Plotting GRIB data¶
GRIB (GRIdded Binary) is the standard format for NWP (numerical weather prediction) model output at operational centres such as ECMWF. earthkit-plots reads GRIB files via earthkit-data’s GRIB backend and provides the same plotting API as for any other source type.
[1]:
import earthkit.data as ekd
import earthkit.plots as ekp
Loading a GRIB file¶
ekd.from_source("sample", ...) fetches a small ERA5 GRIB sample. For a local GRIB file use ekd.from_source("file", "/path/to/file.grib").
[2]:
grib = ekd.from_source("sample", "era5-monthly-mean-2t-199312.grib").to_fieldlist()
grib
[2]:
Inspecting the contents¶
ls() gives a summary of the fields in the file — useful when a GRIB file contains multiple parameters, levels or time steps.
[3]:
grib.ls()
[3]:
| parameter.variable | time.valid_datetime | time.base_datetime | time.step | vertical.level | vertical.level_type | ensemble.member | geography.grid_type | |
|---|---|---|---|---|---|---|---|---|
| 0 | 2t | 1993-12-01 | 1993-12-01 | 0 days | 0 | surface | 0 | regular_ll |
Basic plot¶
Pass the earthkit-data FieldList directly to any plotting method.

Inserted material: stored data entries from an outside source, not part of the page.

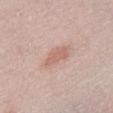Clinical impression:
No biopsy was performed on this lesion — it was imaged during a full skin examination and was not determined to be concerning.
Context:
From the chest. A female subject aged 63 to 67. Captured under white-light illumination. A roughly 15 mm field-of-view crop from a total-body skin photograph. Measured at roughly 3.5 mm in maximum diameter. The lesion-visualizer software estimated a lesion area of about 6 mm² and a symmetry-axis asymmetry near 0.3. The software also gave border irregularity of about 3.5 on a 0–10 scale, a within-lesion color-variation index near 1.5/10, and radial color variation of about 0.5.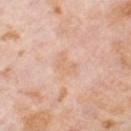Captured during whole-body skin photography for melanoma surveillance; the lesion was not biopsied.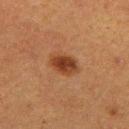The lesion was photographed on a routine skin check and not biopsied; there is no pathology result. A female subject in their 40s. Located on the left thigh. Cropped from a total-body skin-imaging series; the visible field is about 15 mm.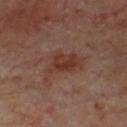Findings:
• workup · catalogued during a skin exam; not biopsied
• location · the front of the torso
• imaging modality · 15 mm crop, total-body photography
• size · ≈5.5 mm
• automated metrics · an average lesion color of about L≈34 a*≈19 b*≈25 (CIELAB) and roughly 7 lightness units darker than nearby skin; a nevus-likeness score of about 20/100 and lesion-presence confidence of about 100/100
• subject · male, roughly 70 years of age
• illumination · cross-polarized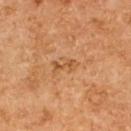| feature | finding |
|---|---|
| workup | catalogued during a skin exam; not biopsied |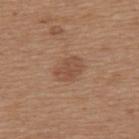follow-up: no biopsy performed (imaged during a skin exam) | image source: ~15 mm crop, total-body skin-cancer survey | subject: female, in their mid-50s | site: the upper back | TBP lesion metrics: an average lesion color of about L≈49 a*≈21 b*≈30 (CIELAB) and a normalized border contrast of about 6; border irregularity of about 1.5 on a 0–10 scale and a peripheral color-asymmetry measure near 1; a detector confidence of about 100 out of 100 that the crop contains a lesion | size: ~3.5 mm (longest diameter).

GRIB files carry rich metadata (parameter name, units, level type, valid time, …) which earthkit-plots uses automatically for titles, unit conversion and style selection.
[4]:
ekp.geo.plot(grib)
[4]:
<earthkit.plots.components.maps.Map at 0x14c18f210>
Automatic style selection¶
plot() inspects the GRIB metadata and selects an appropriate style and plot method automatically:
[5]:
chart = ekp.Map(domain="Europe")
chart.plot(grib, units="celsius")
chart.legend()
chart.coastlines()
chart.title("{variable_name} – {time:%B %Y}")
chart.show()
Format agnosticism¶
The plotting code above is essentially identical to the netCDF and xarray examples — the only line that changes is how the data object is created:
# GRIB
data = ekd.from_source("sample", "era5-monthly-mean-2t-199312.grib")
# netCDF
data = ekd.from_source("sample", "era5-monthly-mean-2t-199312.nc")
# xarray
data = ekd.from_source("sample", "era5-monthly-mean-2t-199312.nc").to_xarray()
# In every case, the plot call is identical:
chart = ekp.Map(domain="Europe")
chart.plot(data, units="celsius")
This format agnosticism is a deliberate design goal of earthkit-plots: your visualisation code should not need to change just because your data arrives in a different format.